_Work order_:
Repeat the listing that follows character for character, omitting images.

┌────────

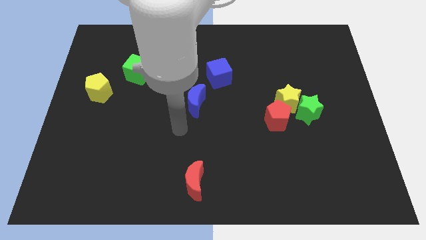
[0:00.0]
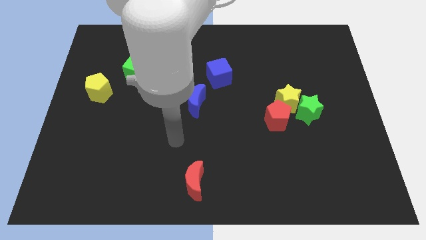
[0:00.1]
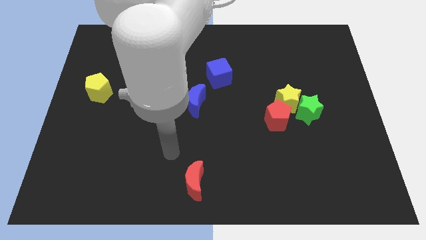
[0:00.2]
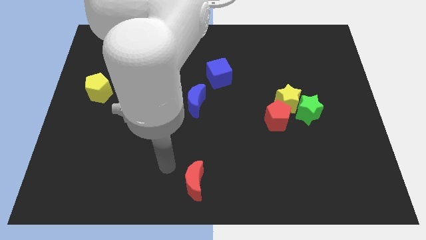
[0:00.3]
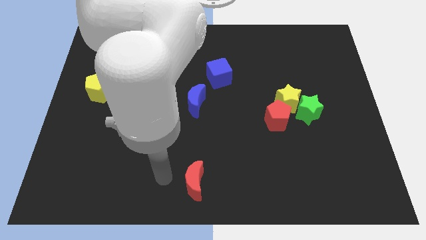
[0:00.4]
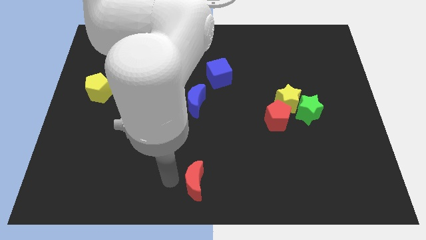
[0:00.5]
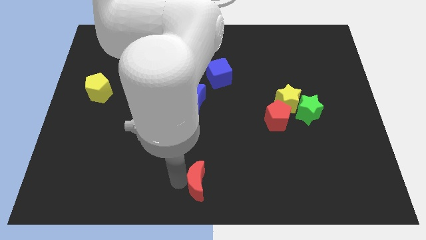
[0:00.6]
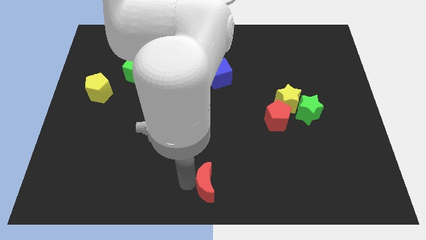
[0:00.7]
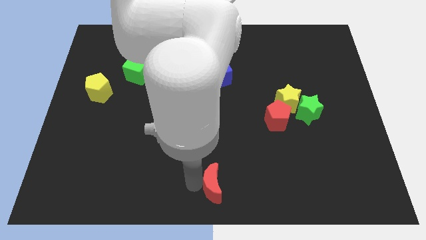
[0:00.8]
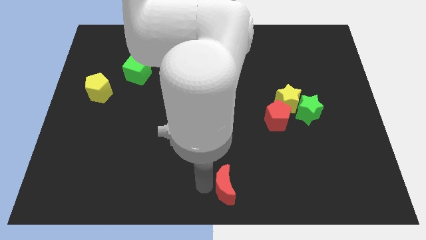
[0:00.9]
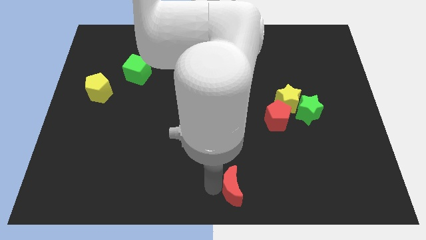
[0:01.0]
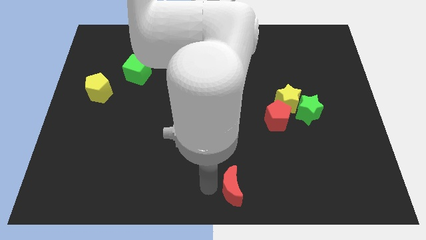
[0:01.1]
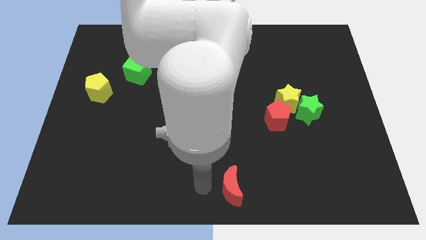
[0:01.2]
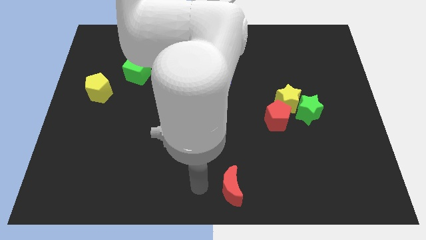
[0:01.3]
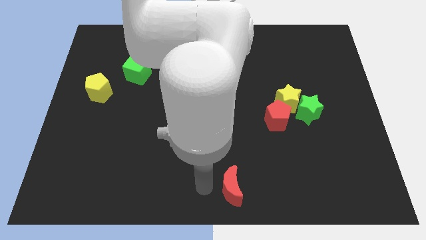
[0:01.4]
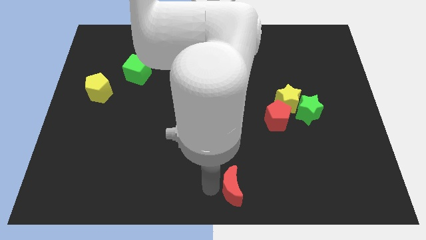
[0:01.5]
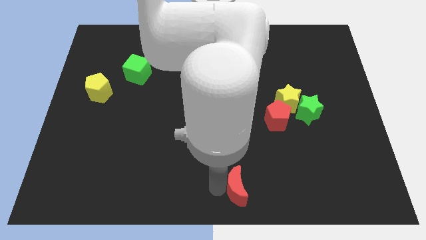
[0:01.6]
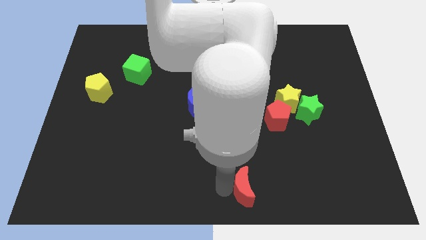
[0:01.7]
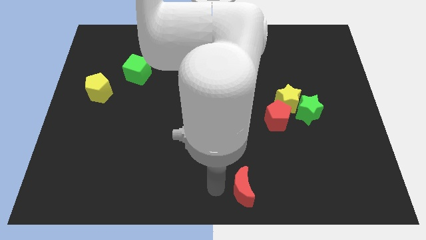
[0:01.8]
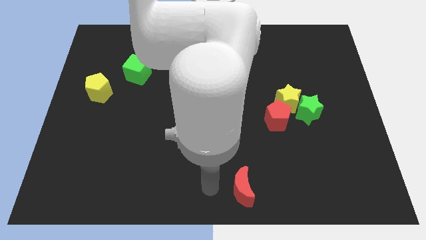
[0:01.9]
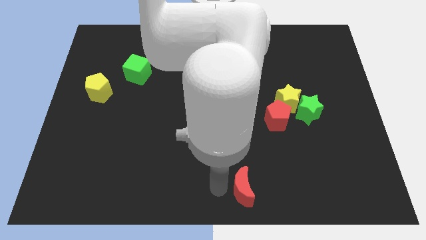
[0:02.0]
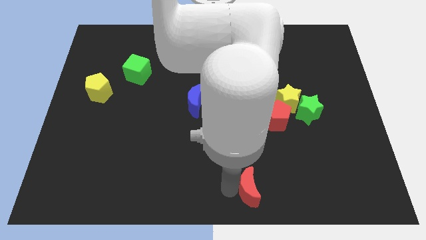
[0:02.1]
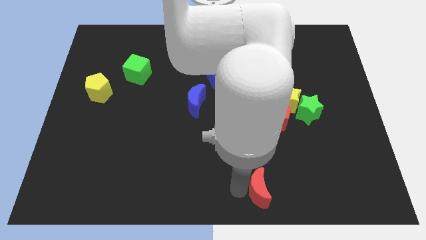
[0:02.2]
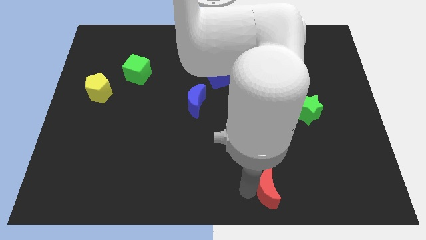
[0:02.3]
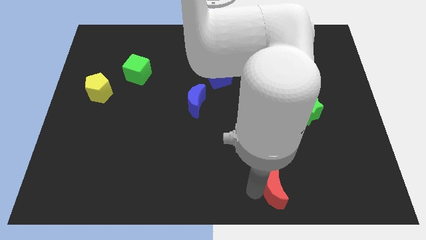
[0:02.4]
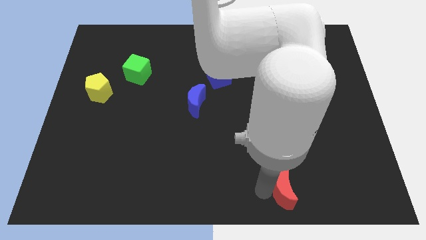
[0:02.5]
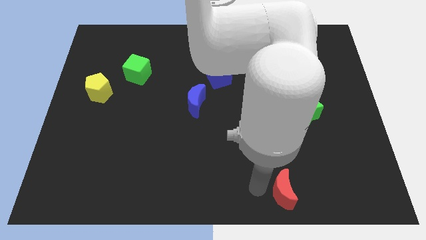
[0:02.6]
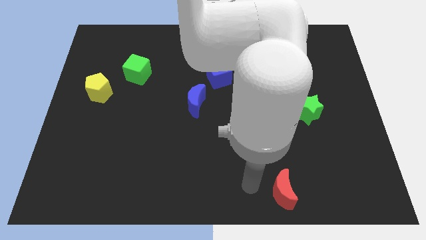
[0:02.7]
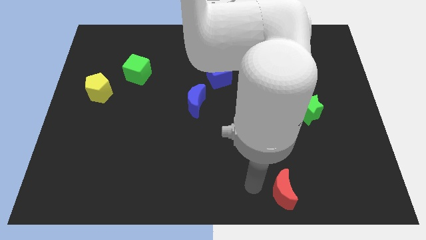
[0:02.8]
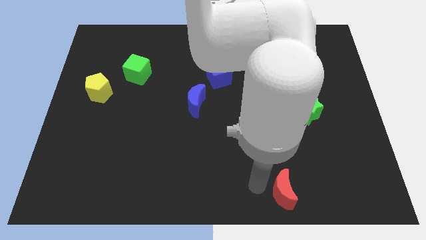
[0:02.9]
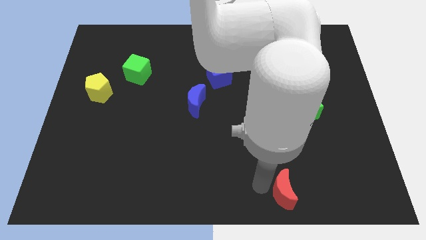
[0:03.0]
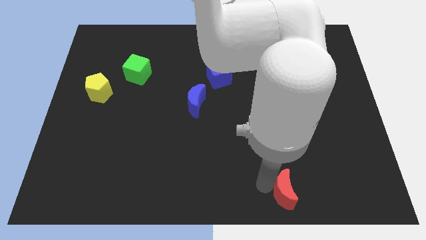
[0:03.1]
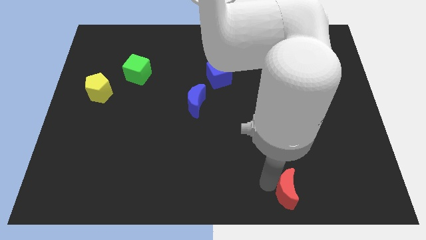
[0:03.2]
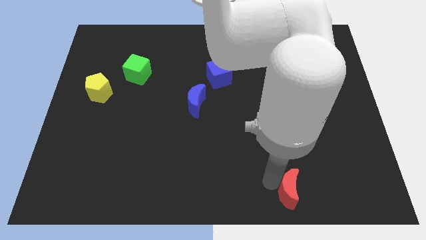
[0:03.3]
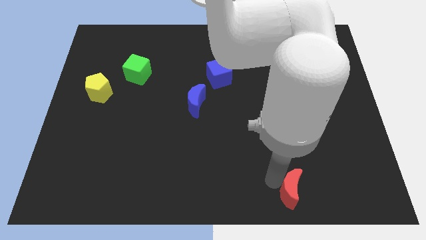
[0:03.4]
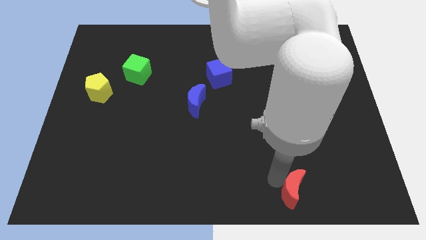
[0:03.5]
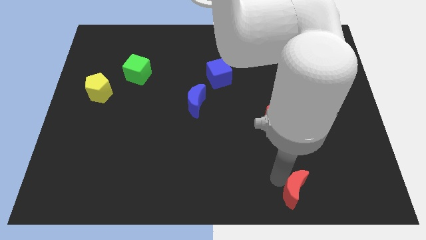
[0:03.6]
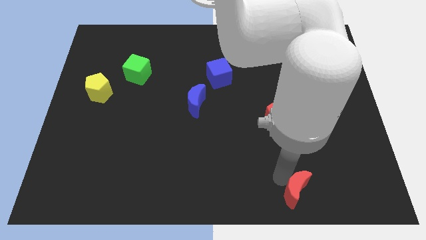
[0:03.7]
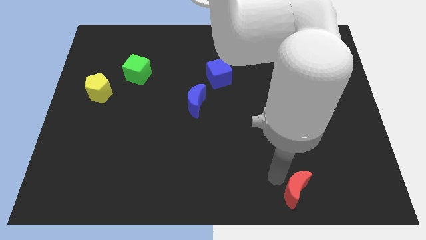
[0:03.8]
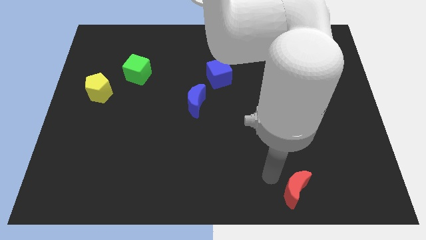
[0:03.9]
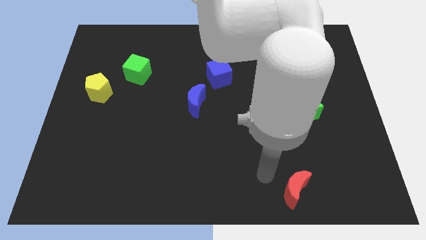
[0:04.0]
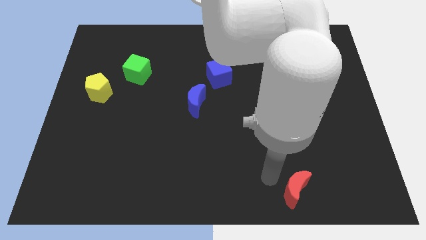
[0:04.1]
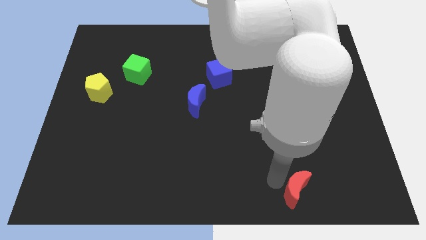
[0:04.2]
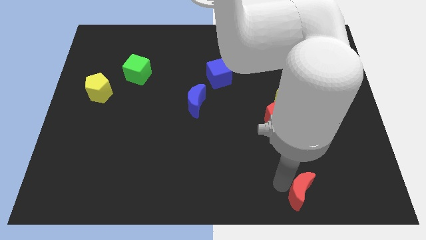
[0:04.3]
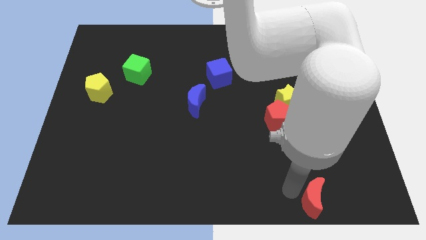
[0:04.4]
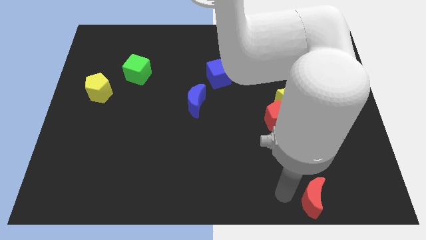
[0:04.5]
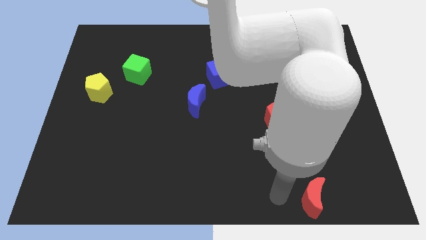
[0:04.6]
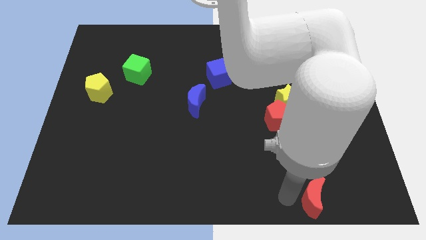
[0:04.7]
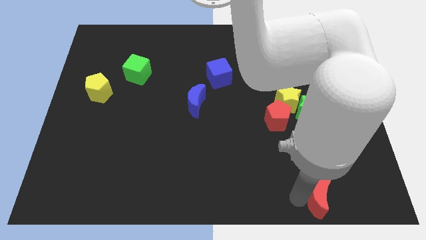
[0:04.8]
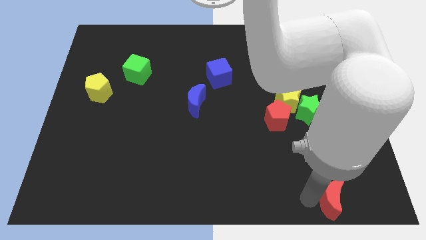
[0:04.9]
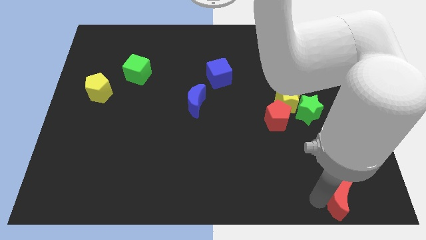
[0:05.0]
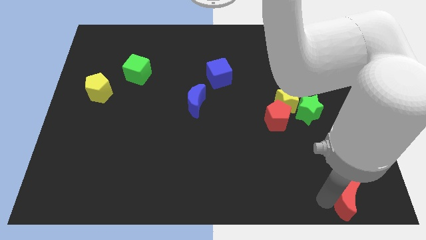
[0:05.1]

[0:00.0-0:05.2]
push the red moon to the bottom right corner

└────────

_Task result_:
[0:00.0]
[0:00.1]
[0:00.2]
[0:00.3]
[0:00.4]
[0:00.5]
[0:00.6]
[0:00.7]
[0:00.8]
[0:00.9]
[0:01.0]
[0:01.1]
[0:01.2]
[0:01.3]
[0:01.4]
[0:01.5]
[0:01.6]
[0:01.7]
[0:01.8]
[0:01.9]
[0:02.0]
[0:02.1]
[0:02.2]
[0:02.3]
[0:02.4]
[0:02.5]
[0:02.6]
[0:02.7]
[0:02.8]
[0:02.9]
[0:03.0]
[0:03.1]
[0:03.2]
[0:03.3]
[0:03.4]
[0:03.5]
[0:03.6]
[0:03.7]
[0:03.8]
[0:03.9]
[0:04.0]
[0:04.1]
[0:04.2]
[0:04.3]
[0:04.4]
[0:04.5]
[0:04.6]
[0:04.7]
[0:04.8]
[0:04.9]
[0:05.0]
[0:05.1]

[0:00.0-0:05.2]
push the red moon to the bottom right corner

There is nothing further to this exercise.